Вошла, не постучав, старуха, вся в платках и морщинах, – Танина мать. Анна Андреевна подробно и очень толково объяснила ей Танину болезнь и большими буквами на листке написала адрес больницы. Чуть только старуха ушла, раздался громкий стук и в комнату вошел молодой человек в грязном белом халате – санитар, что ли. Он уселся и стал задавать Анне Андреевне вопросы о Таниной болезни, очень грубо и настойчиво. Он, может быть, и не хотел быть грубым, но просто не умел иначе. Настоящий допрос. Анна Андреевна отвечала терпеливо, спокойно, кротко, без тени обиды.

Наконец он ушел.

Анна Андреевна стала расспрашивать меня о моем детстве. И я вдруг рассказала ей многое, чего никогда и никому не рассказывала. Понимает она, угадывает, схватывает с удивительной тонкостью и верностью[187]. Она была так ласкова, так добра и осторожна со мною сегодня, – да благословит ее Бог! – что я даже почувствовала себя человеком.

Впрочем, ненадолго.


26 июня 40. Я позвонила Анне Андреевне часа в четыре, чтобы узнать о результатах посещения директора; по обыкновению, она не стала рассказывать, а попросила прийти. Я пошла. На этот раз она нарядно одета, причесана, комната чисто выметена; вечером она ждет кого-то из МХАТа и Владимира Георгиевича.

Оказалось, я была права: директор приезжал, чтобы снять всего два стихотворения, попросить Анну Андреевну заменить их и показать ей предисловие.
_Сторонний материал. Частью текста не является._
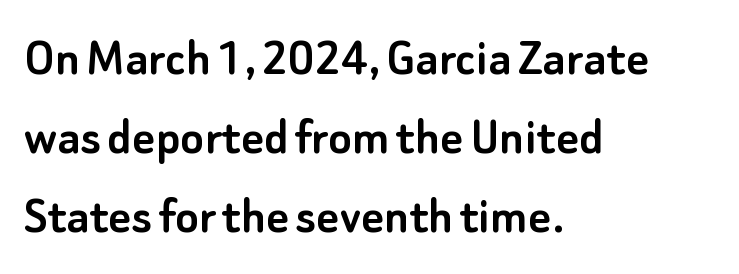
Q: Is the text italic (slanted)? A: No, it is upright.
Q: Is the typeface a serif or a sans-serif typeface? A: Sans-serif.
Q: Is the text underlined? A: No.
Q: How is the paragraph aligned? A: Left-aligned.
Q: Is the spacing between letters normal or unusually wide? A: Normal.
Q: Is the spacing between lines tight, normal or loose? A: Normal.
Q: Width (condensed, normal, or wide)? A: Normal.
Q: Stroke contrast? A: Low.
Q: x-height? A: Small.
Q: Monospaced? A: No.
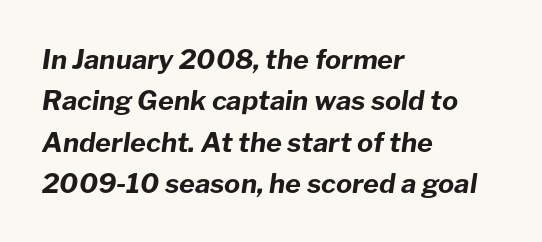
The passage shown leans; its letterforms are oblique. The space between consecutive lines is moderate. No word sits above an underline. The rag falls on the right side of this text block. You'd pick this weight for a headline — it's a proper bold. Tracking value appears to be zero — textbook default spacing.
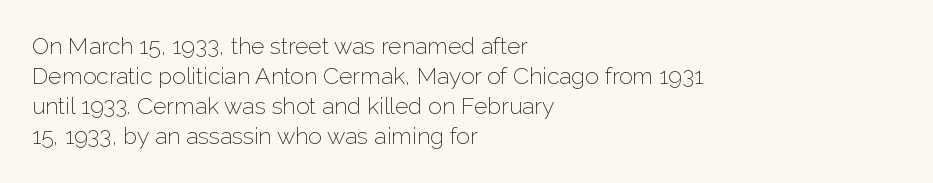
{"italic": "no", "bold": "no", "underline": "no", "align": "left", "line_spacing": "normal", "line_spacing_ratio": 1.31, "letter_spacing": "normal", "letter_spacing_em": 0.0, "glyph_px": 23}
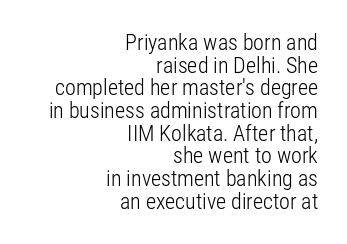
This sample trades vertical openness for compactness between lines. Notice how the stems are strictly vertical — no italics here. Compared with a typical body face, this is equally light or lighter still. Leftover space on each line is placed entirely before the opening word. Underline: absent. This rendering leaves character spacing at its baseline value.

Сняты: «Все расхищено, предано, продано» и «Не с теми я, кто бросил землю»[188].

– В предисловии много похвал. Я сказала, что неудобно, по-моему, печатать похвалы себе в своей книжке. Он ответил – то ли еще будет! Насчет двух изъятых стихотворений мотивировка невнятная: в той книге они не будут заметны, а в этой будут… почему? Но я не стала настаивать и спорить, он даже удивился легкости, с какой я согласилась выкинуть и заменить. Он спросил, что значит «Мы ни единого удара / Не отклонили от себя»[189]. Я ответила: поэт не может объяснять свои слова десяткам тысяч читателей. Если что-нибудь непонятно, лучше не печатать.
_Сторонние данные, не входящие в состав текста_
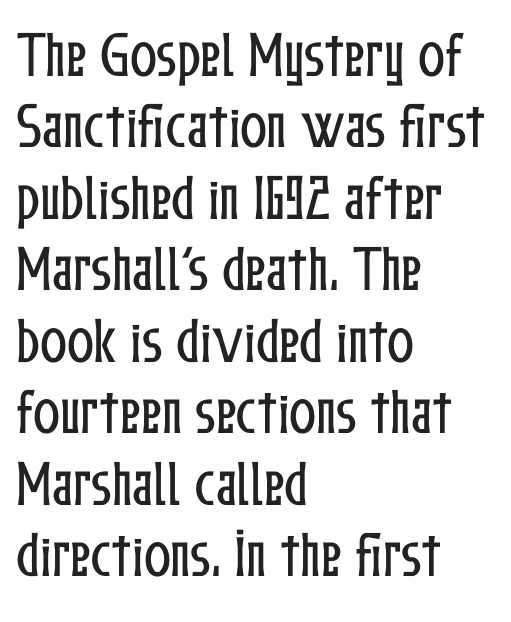
Q: Is the text italic (slanted)? A: No, it is upright.
Q: Is the text underlined? A: No.
Q: How is the paragraph aligned? A: Left-aligned.
Q: Is the spacing between letters normal or unusually wide? A: Normal.
Q: Is the spacing between lines tight, normal or loose? A: Normal.
Q: Width (condensed, normal, or wide)? A: Condensed.
Q: Stroke contrast? A: Low.
Q: x-height? A: Medium.
Q: Monospaced? A: No.
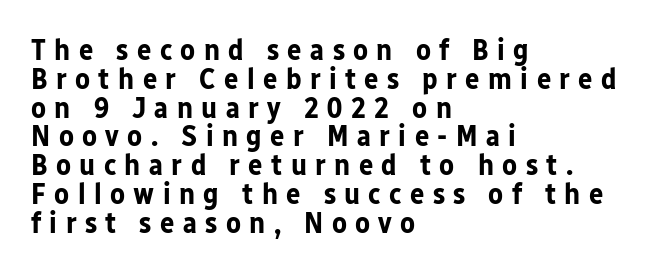
Q: Is the text bold? A: Yes.
Q: Is the text italic (slanted)? A: No, it is upright.
Q: Is the typeface a serif or a sans-serif typeface? A: Sans-serif.
Q: Is the text underlined? A: No.
Q: How is the paragraph aligned? A: Left-aligned.
Q: Is the spacing between letters normal or unusually wide? A: Unusually wide.
Q: Is the spacing between lines tight, normal or loose? A: Tight.
Q: Width (condensed, normal, or wide)? A: Normal.
Q: Stroke contrast? A: Low.
Q: x-height? A: Medium.
Q: Monospaced? A: No.
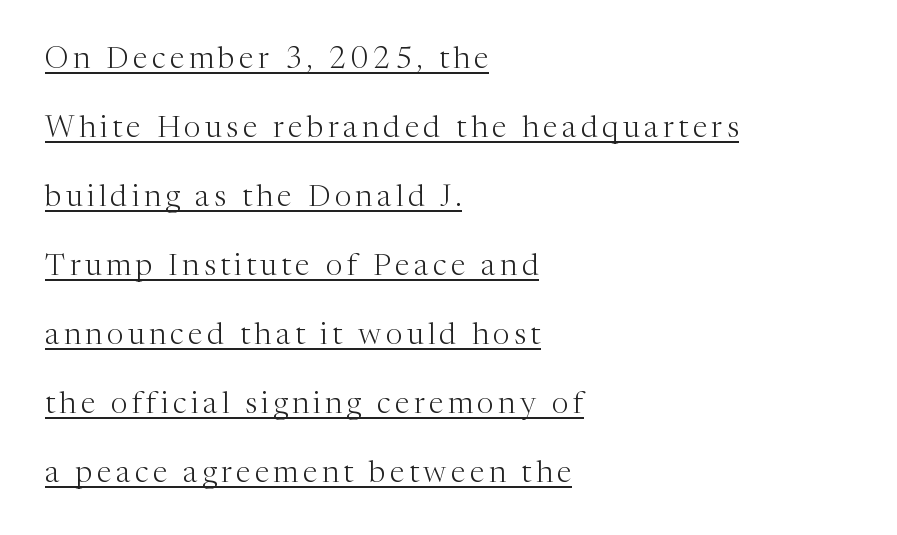
The image shows 30 px light serif type, upright; set left-aligned, loose line spacing (2.3x), underlined; medium stroke contrast and a medium x-height.
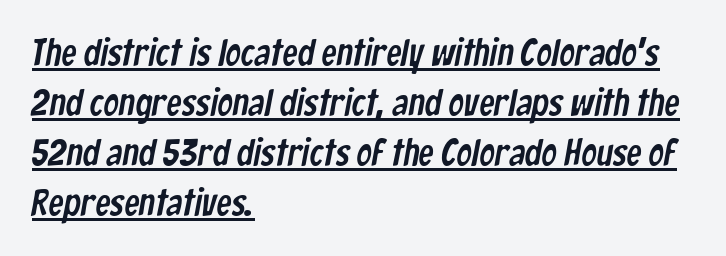
The paragraph shown leans on its left margin. Tracking value appears to be zero — textbook default spacing. Beneath each row of characters lies a ruled line. Examine the stroke ends and you'll find no serifs.
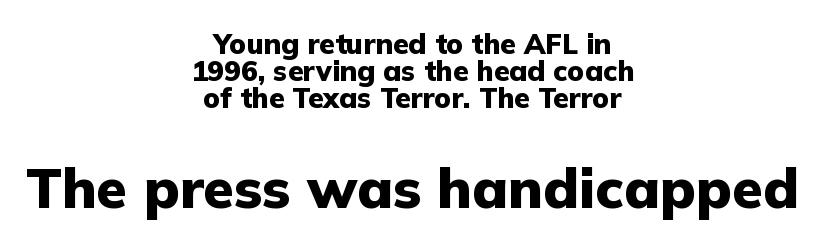
{"serif": "no", "italic": "no", "bold": "yes", "weight": "heavy", "width": "normal", "stroke_contrast": "low", "x_height": "medium", "monospaced": "no", "underline": "no", "align": "center", "line_spacing": "tight", "line_spacing_ratio": 0.97, "letter_spacing": "normal", "letter_spacing_em": 0.0, "larger_block": "second", "size_ratio": 2.0, "glyph_px": 56}
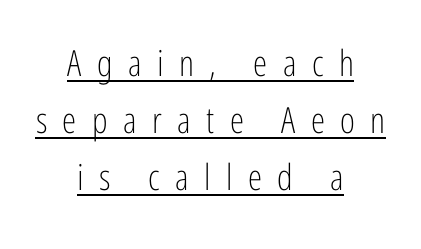
Q: Is the text bold? A: No.
Q: Is the text italic (slanted)? A: No, it is upright.
Q: Is the typeface a serif or a sans-serif typeface? A: Sans-serif.
Q: Is the text underlined? A: Yes.
Q: How is the paragraph aligned? A: Centered.
Q: Is the spacing between letters normal or unusually wide? A: Unusually wide.
Q: Is the spacing between lines tight, normal or loose? A: Normal.
Q: Width (condensed, normal, or wide)? A: Condensed.
Q: Stroke contrast? A: Low.
Q: x-height? A: Medium.
Q: Monospaced? A: No.

Позвала она меня, по словам ее, затем, чтобы вместе выбрать стихи для замены. Она надела очки, достала тетради и начала перелистывать.

Глядя через ее плечо, я заметила, что «Воронеж» посвящен Н. X., а «Годовщину веселую празднуй» – В. Г.[190] Я предложила дать взамен «Подушка уже горяча» (в тетради оно называется «Послесловие») и «Другу»[191].
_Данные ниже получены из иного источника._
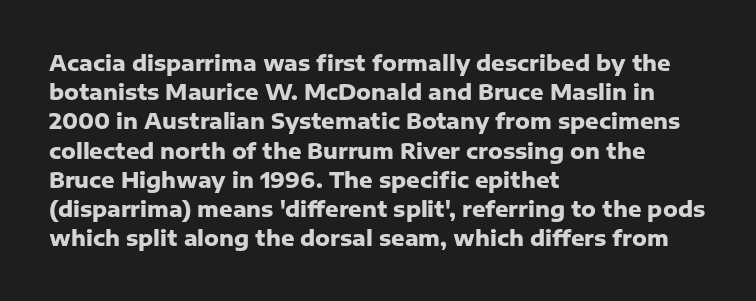
The image shows 21 px bold type, upright; set left-aligned, normal line spacing (1.39x), normal letter spacing, not underlined.
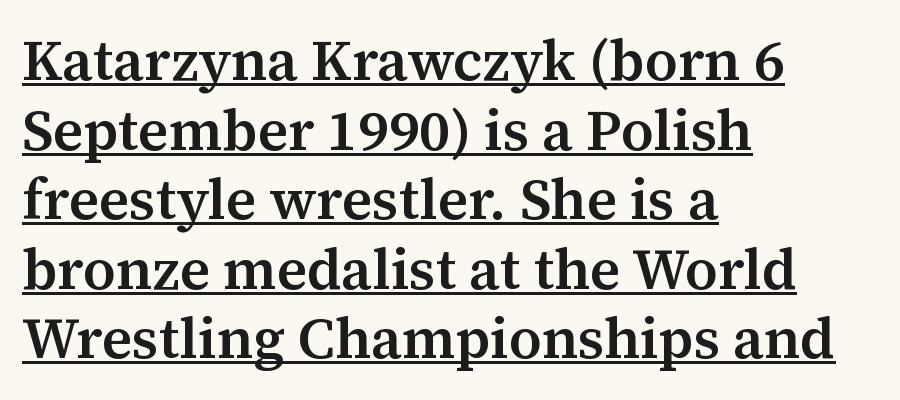
The image shows 57 px semibold serif type, upright; set left-aligned, line spacing 1.22x, normal letter spacing, underlined; medium stroke contrast and a medium x-height.
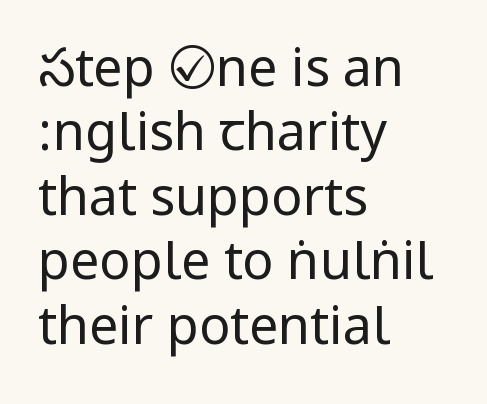
The image shows 52 px regular-weight, condensed sans-serif type, upright; set left-aligned, line spacing 1.24x, normal letter spacing, not underlined; low stroke contrast.
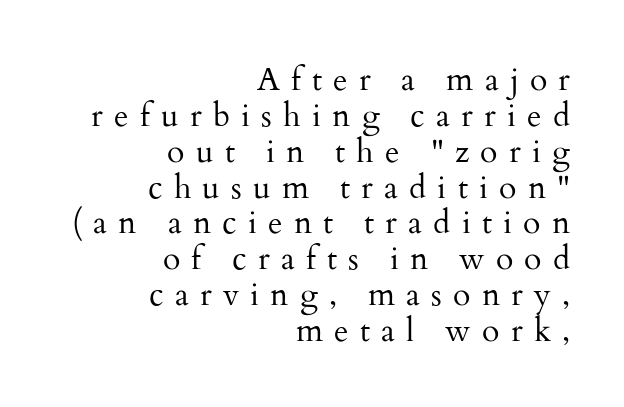
The image shows 32 px regular-weight serif type, upright; set right-aligned, tight line spacing (1.12x), unusually wide letter spacing (+0.35 em), not underlined; medium stroke contrast and a small x-height.
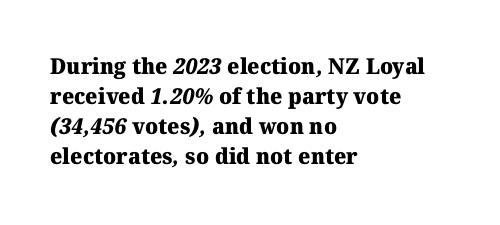
{"bold": "yes", "underline": "no", "align": "left", "line_spacing": "normal", "line_spacing_ratio": 1.36, "letter_spacing": "normal", "letter_spacing_em": 0.0, "glyph_px": 22}
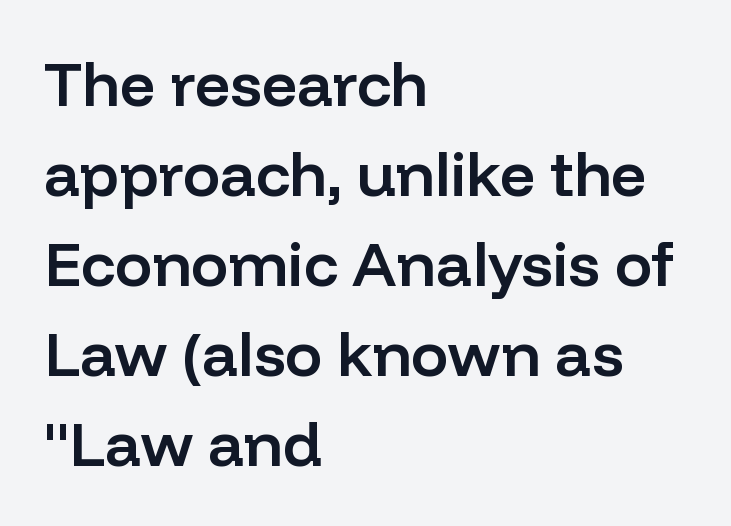
Q: Is the text bold? A: Semi-bold.
Q: Is the text italic (slanted)? A: No, it is upright.
Q: Is the typeface a serif or a sans-serif typeface? A: Sans-serif.
Q: Is the text underlined? A: No.
Q: How is the paragraph aligned? A: Left-aligned.
Q: Is the spacing between letters normal or unusually wide? A: Normal.
Q: Is the spacing between lines tight, normal or loose? A: Normal.
Q: Width (condensed, normal, or wide)? A: Normal.
Q: Stroke contrast? A: Low.
Q: x-height? A: Medium.
Q: Monospaced? A: No.
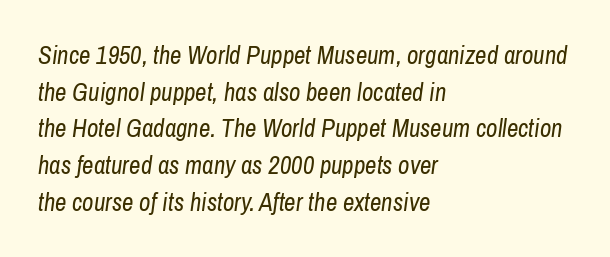
Q: Is the text bold? A: No.
Q: Is the text italic (slanted)? A: Yes, it leans right by about 8 degrees.
Q: Is the text underlined? A: No.
Q: How is the paragraph aligned? A: Left-aligned.
Q: Is the spacing between letters normal or unusually wide? A: Normal.
Q: Is the spacing between lines tight, normal or loose? A: Normal.
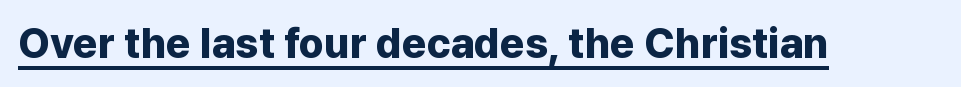
{"serif": "no", "italic": "no", "bold": "yes", "weight": "bold", "width": "normal", "stroke_contrast": "low", "x_height": "medium", "monospaced": "no", "underline": "yes", "letter_spacing": "normal", "letter_spacing_em": 0.0, "glyph_px": 42}

Анна Андреевна согласилась и попросила меня переписать их. (По-видимому, она никогда не дает в редакции ничего, написанного ее собственной рукой.)

Я переписала два, очень обдумывая знаки.

Анна Андреевна показала мне листок с мелкими переменами в стихотворении «Одни глядятся в ласковые взоры» (вместо «спокойный и двурогий» – «и зоркий, и двурогий») и затем – конец отрывка «Смеркается, и в небе темно-синем».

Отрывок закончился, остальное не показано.